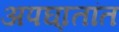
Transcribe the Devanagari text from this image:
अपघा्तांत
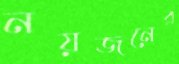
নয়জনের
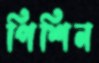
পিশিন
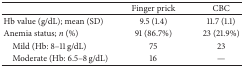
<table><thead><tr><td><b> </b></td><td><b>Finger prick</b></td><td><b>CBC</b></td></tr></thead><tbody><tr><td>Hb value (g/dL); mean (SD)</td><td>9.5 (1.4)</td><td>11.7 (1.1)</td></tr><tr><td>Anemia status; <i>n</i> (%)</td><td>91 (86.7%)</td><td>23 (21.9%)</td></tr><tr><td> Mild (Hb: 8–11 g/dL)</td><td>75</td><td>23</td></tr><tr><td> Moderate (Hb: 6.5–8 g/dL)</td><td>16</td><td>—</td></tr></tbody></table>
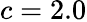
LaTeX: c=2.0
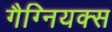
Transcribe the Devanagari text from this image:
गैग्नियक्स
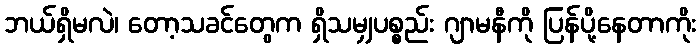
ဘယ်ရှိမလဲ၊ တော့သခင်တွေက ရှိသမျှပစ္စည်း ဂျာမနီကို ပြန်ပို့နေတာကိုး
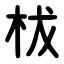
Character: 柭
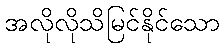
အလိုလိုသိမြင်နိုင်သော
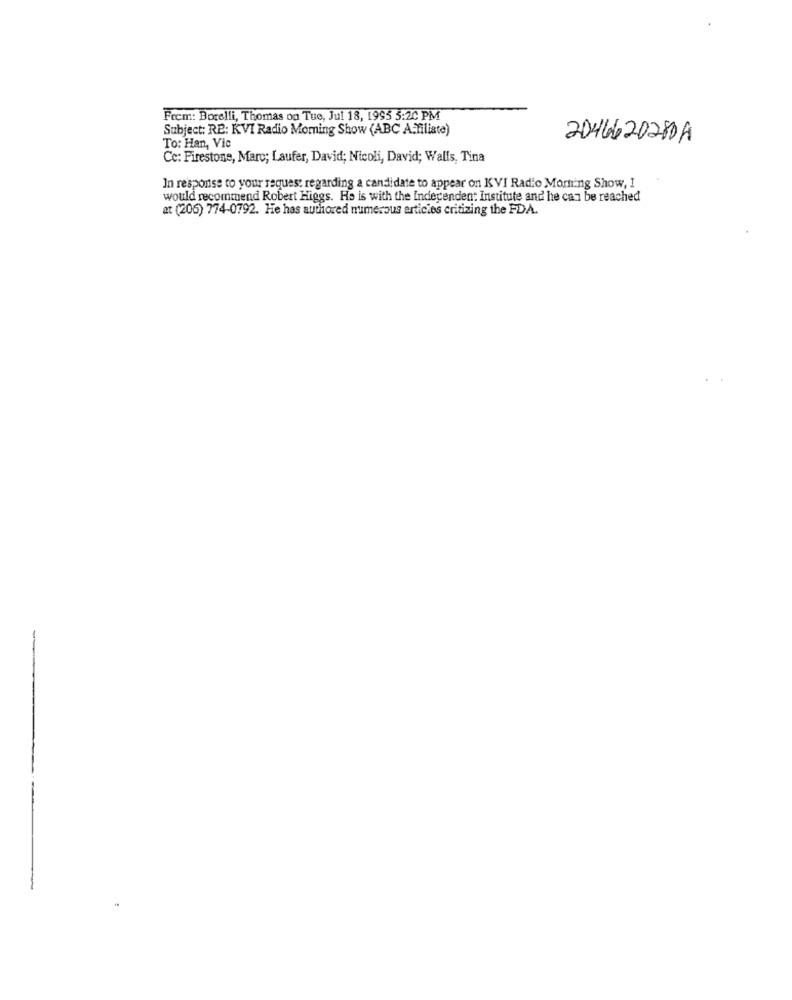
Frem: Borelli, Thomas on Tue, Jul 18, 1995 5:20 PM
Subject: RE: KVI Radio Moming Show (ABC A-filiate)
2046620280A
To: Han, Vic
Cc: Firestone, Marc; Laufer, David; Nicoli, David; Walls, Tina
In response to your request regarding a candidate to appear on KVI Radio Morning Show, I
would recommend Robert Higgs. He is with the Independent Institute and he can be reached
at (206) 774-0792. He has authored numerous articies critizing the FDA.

---+---

Beginning with the line that includes "LaTeX: c=2.0" and ending with the last line of the material, reproduce those lines exactly and nothing else, with no pictures.

LaTeX: c=2.0
Transcribe the Devanagari text from this image:
गैग्नियक्स
ဘယ်ရှိမလဲ၊ တော့သခင်တွေက ရှိသမျှပစ္စည်း ဂျာမနီကို ပြန်ပို့နေတာကိုး
Character: 柭
အလိုလိုသိမြင်နိုင်သော
Frem: Borelli, Thomas on Tue, Jul 18, 1995 5:20 PM
Subject: RE: KVI Radio Moming Show (ABC A-filiate)
2046620280A
To: Han, Vic
Cc: Firestone, Marc; Laufer, David; Nicoli, David; Walls, Tina
In response to your request regarding a candidate to appear on KVI Radio Morning Show, I
would recommend Robert Higgs. He is with the Independent Institute and he can be reached
at (206) 774-0792. He has authored numerous articies critizing the FDA.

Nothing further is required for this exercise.